Un rôle récurrent pour Emmanuelle Bercot, celui d’une femme rude et instable, ne pouvant compter sur personne jusqu’à ce qu’elle aille… droit dans la table (Attention ! scène à la limite du grotesque)… bref un élément perturbateur, qui a subi des indignités (enfant illégitime, sa famille s’est largement servi sur son héritage personnel) dont elle n’arrivera pas à s’en départir à mesure que les parents, frères, enfants etc préfèrent faire bloc pour protéger le clan… Plutôt que de reconnaître les erreurs commises, et trouver un moyen de se racheter.

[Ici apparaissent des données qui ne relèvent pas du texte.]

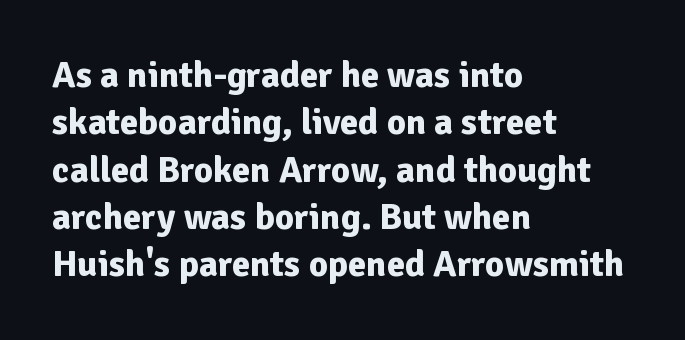
{"serif": "no", "italic": "no", "bold": "yes", "weight": "bold", "width": "normal", "stroke_contrast": "low", "x_height": "medium", "monospaced": "no", "underline": "no", "align": "left", "line_spacing": "normal", "line_spacing_ratio": 1.28, "letter_spacing": "normal", "letter_spacing_em": 0.0, "glyph_px": 37}
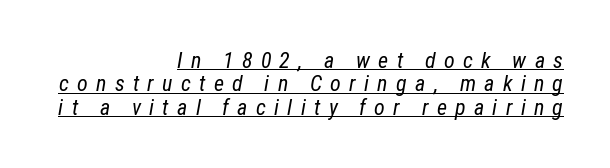
The image shows 22 px text type, italic (leaning right); set right-aligned, tight line spacing (1.06x), unusually wide letter spacing (+0.38 em), underlined.
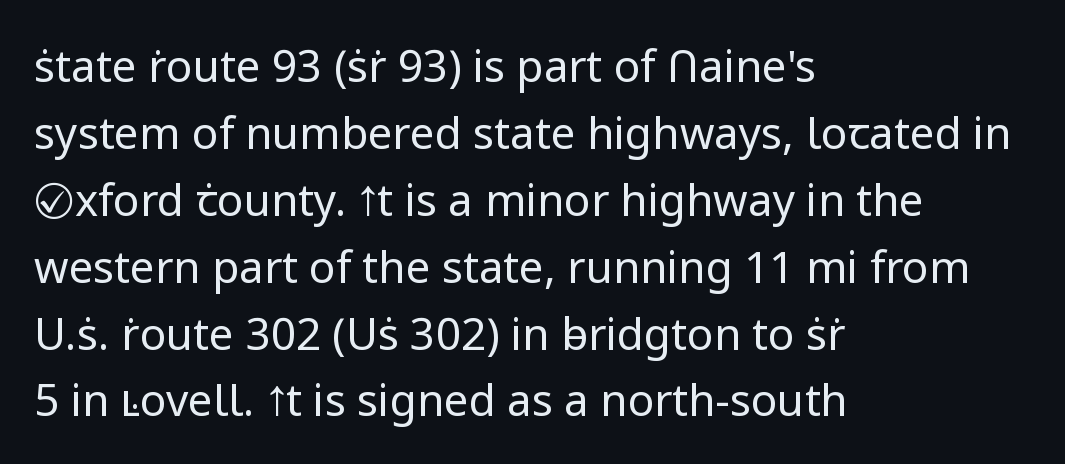
{"serif": "no", "italic": "no", "bold": "no", "weight": "regular", "width": "normal", "stroke_contrast": "low", "x_height": "medium", "monospaced": "no", "underline": "no", "align": "left", "line_spacing": "normal", "line_spacing_ratio": 1.52, "letter_spacing": "normal", "letter_spacing_em": 0.0, "glyph_px": 44}
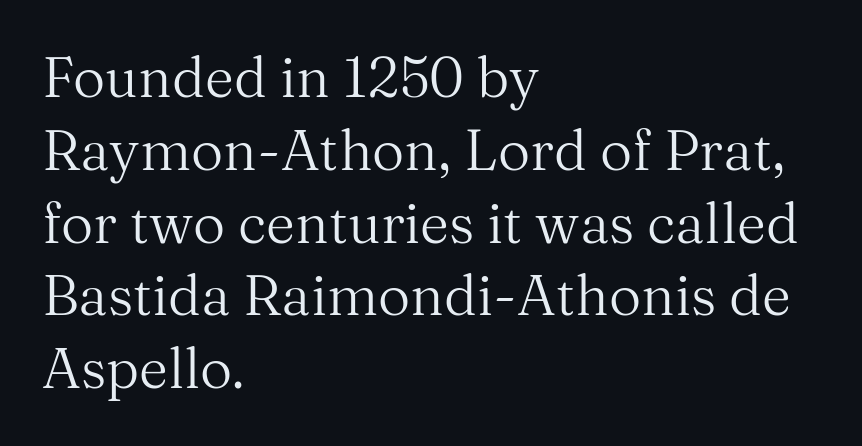
A typesetter would call this zero additional tracking. If you measured baseline to baseline, you'd find a middling distance. Vertical stems look standard width or narrower in stroke. The area under the type is left untouched.
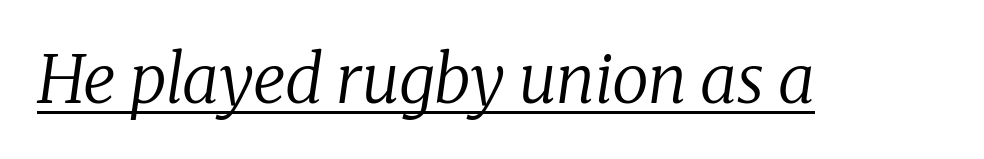
A rule runs beneath these lines of type. Think of a printed novel: that variable character pitch is what you see here. The line texture is even and compact thanks to regular tracking. The face used here is seriffed, in the tradition of book romans. Heft: none added — not bold. Observe the lean: these are italic letterforms.
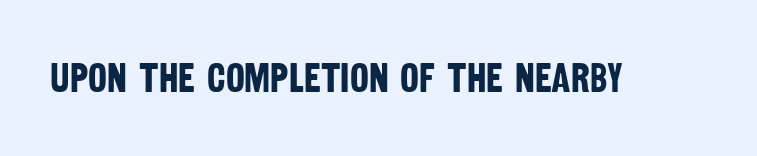
{"serif": "no", "bold": "yes", "weight": "bold", "width": "condensed", "stroke_contrast": "low", "x_height": "large", "monospaced": "no", "underline": "no", "letter_spacing": "normal", "letter_spacing_em": 0.0, "glyph_px": 40}
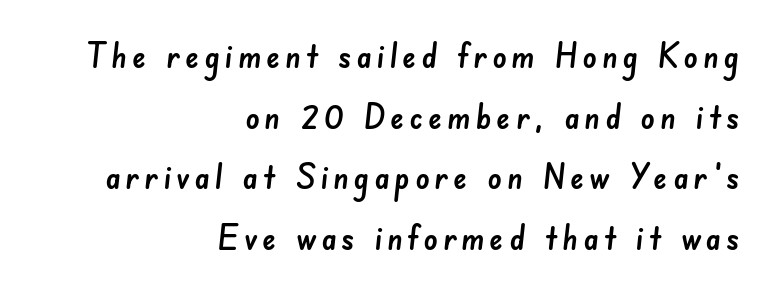
Q: Is the typeface a serif or a sans-serif typeface? A: Sans-serif.
Q: Is the text underlined? A: No.
Q: How is the paragraph aligned? A: Right-aligned.
Q: Width (condensed, normal, or wide)? A: Normal.
Q: Stroke contrast? A: Low.
Q: x-height? A: Small.
Q: Monospaced? A: No.
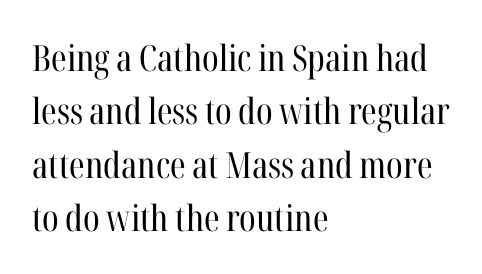
{"serif": "yes", "italic": "no", "bold": "no", "weight": "regular", "width": "condensed", "stroke_contrast": "high", "x_height": "medium", "monospaced": "no", "underline": "no", "align": "left", "line_spacing": "normal", "line_spacing_ratio": 1.48, "letter_spacing": "normal", "letter_spacing_em": 0.0, "glyph_px": 36}
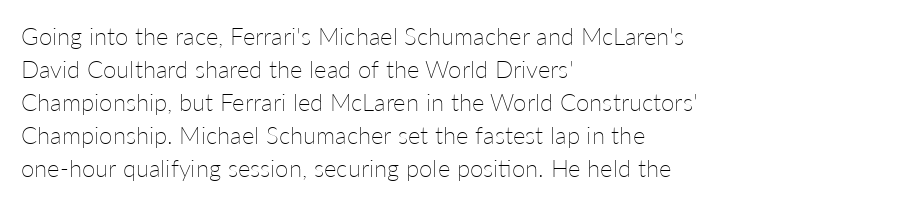
{"italic": "no", "bold": "no", "underline": "no", "align": "left", "line_spacing": "normal", "line_spacing_ratio": 1.38, "letter_spacing": "normal", "letter_spacing_em": 0.0, "glyph_px": 24}
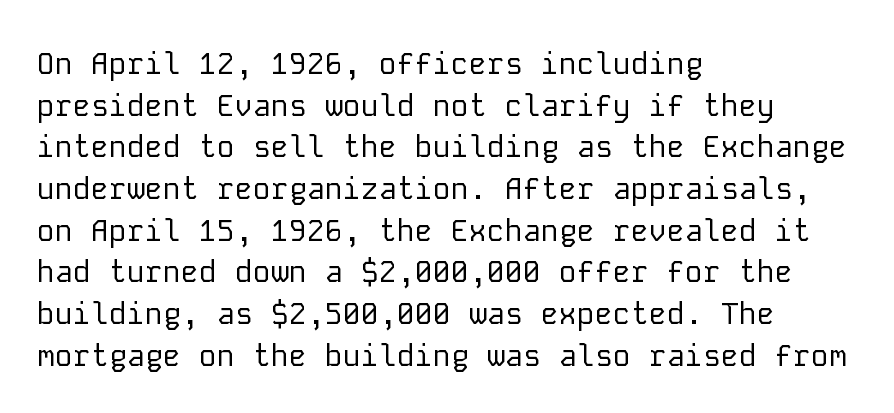
These lines are rendered in a fixed-pitch font. Stroke thickness stays within the range of a standard reading face or lighter. The foot of each line stays bare and open. This rendering employs a face without finishing strokes, i.e., a sans-serif. Does the copy run flush right? No — it runs flush left. The font's upright variant was chosen for this text.
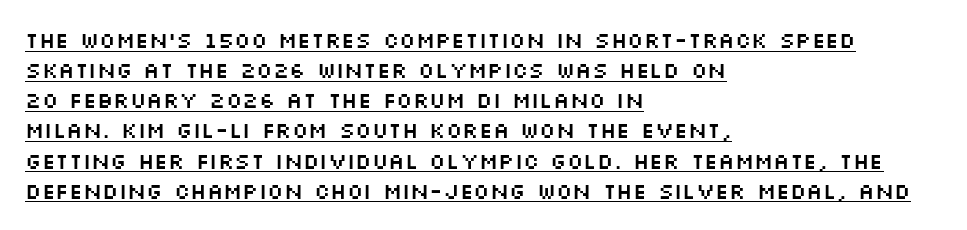
The image shows 22 px text type, upright; set left-aligned, normal line spacing (1.37x), normal letter spacing, underlined.
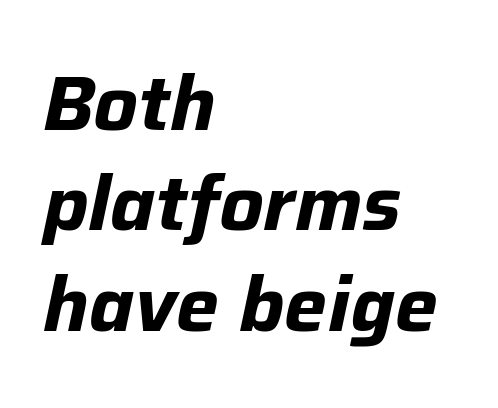
The image shows 76 px bold type, italic (leaning right); set left-aligned, normal line spacing (1.32x), normal letter spacing, not underlined; low stroke contrast and a medium x-height.
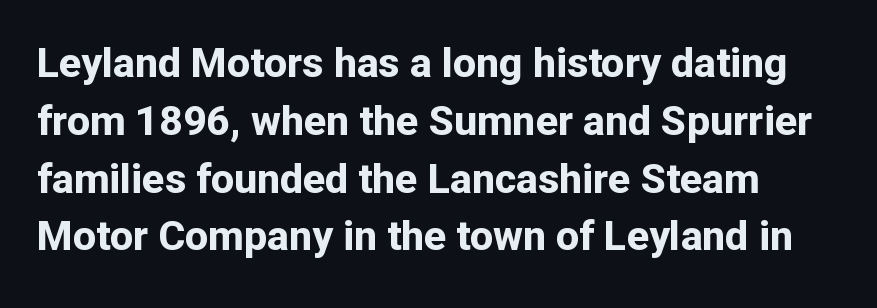
The face used here is a sans, in the tradition of grotesques and geometrics. Posture: straight, roman, zero tilt. Stroke thickness is high; the sample reads as a true bold. Nobody touched the tracking dial on this one. A bare baseline throughout the passage. The rendering anchors every line to the left-hand side.
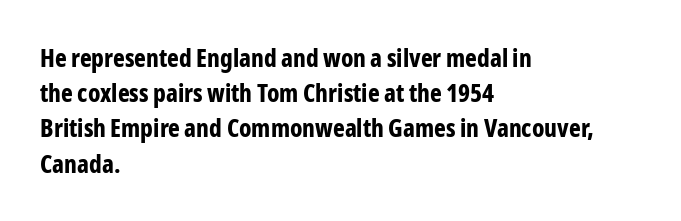
Q: Is the text bold? A: Yes.
Q: Is the text italic (slanted)? A: No, it is upright.
Q: Is the text underlined? A: No.
Q: How is the paragraph aligned? A: Left-aligned.
Q: Is the spacing between letters normal or unusually wide? A: Normal.
Q: Is the spacing between lines tight, normal or loose? A: Normal.

Un typique film de famille décomposée en huis clos campagnard, avec les membres archétypaux : papa soumis à maman très chère – Catherine Deneuve la reine-mère, mais jamais volontairement écrasante… 
L’aîné chiant qui veut tout contrôler, et le réalisateur Kahn l’interprète lui-même, forcément – d’ailleurs il y est entouré de beaucoup d’autres acteurs/réalisateurs (y compris la jeune Luàna Bajrami, dans un rôle qui en devient méta)…
Les gosses qui voient tout ce qui se passe, et le cadet glandeur et irresponsable (Vincent Macaigne) dont la véritable nature tombe un peu comme un cheveu dans la soupe du twist… et qui se révèle aussi manipulateur que révélateur 

À l’arrivée, Kahn ne fait pas un simple film de règlement de compte explosif à la « Festen », avec peu de contrechamps… Ici l’intérêt est dans l’absence réelles de confrontations, qui permettraient de tout remettre à plat.
Ne rien faire, tout taire et éviter les compromis… c’est d’un pessimisme ahurissant, face aux cris de détresse d’une femme malade d’amour, qui ne sera jamais complètement acceptée parmi les siens.

Robo

Et vous oubliez de mentionner son film avec le père de famille qui enlève ses deux enfants pour vivre dans la forêt, c’était vraiment pas mal. Selon moi, Kahn est un cinéaste français les plus consistant.

héhé

Nous ne finirons pas ensemble 🙂

T-Rex

@greg
J’aime bien son travail mais je ne le compte parmi mes réalisateurs préférés. Je n’ai vu que 5 films sur les 11 qu’il a réalisé, donc pas vraiment un « fan hardcore » non. Simplement dans le cinéma français contemporain il est reconnu depuis de nombreuses années.

Greg

@T-Rex

J’ai utilisé le « on » de manière plutôt personnelle, j’avais déjà entendu parler de ce réalisateur mais sans voir ses films.
Désolé d’avoir heurté ses fans hardcore 😉

T-Rex

@greg
« …un cinéaste qu’on aurait pas remarqué autrement… »
L’Ennui, Roberto Succo, Feux Rouges, Les Regrets, Une Vie Meilleure… Vous ne devez pas trop connaitre et aimer le cinéma français pour tenir ce genre de propos.

Birdy

Oui complètement d’accord Simon sur la BA, j’ai cru revoir pour la 100è x le téléfilm classique France 2. Aucune part de mystère, et un montage qui veut faire croire à l’affrontement gentillet d’une famille sur fond de dette, avec réconciliation parce que quand même on s’aime.

Simon Riaux

@greg

Oh bah merci hein.

Par contre ne vous fiez pas à la bande-annonce, qui est absolument infecte.

Greg

Le genre de critique qui donne envie de découvrir un film, et pourquoi pas un cinéaste, qu’on aurait pas du tout remarqué autrement.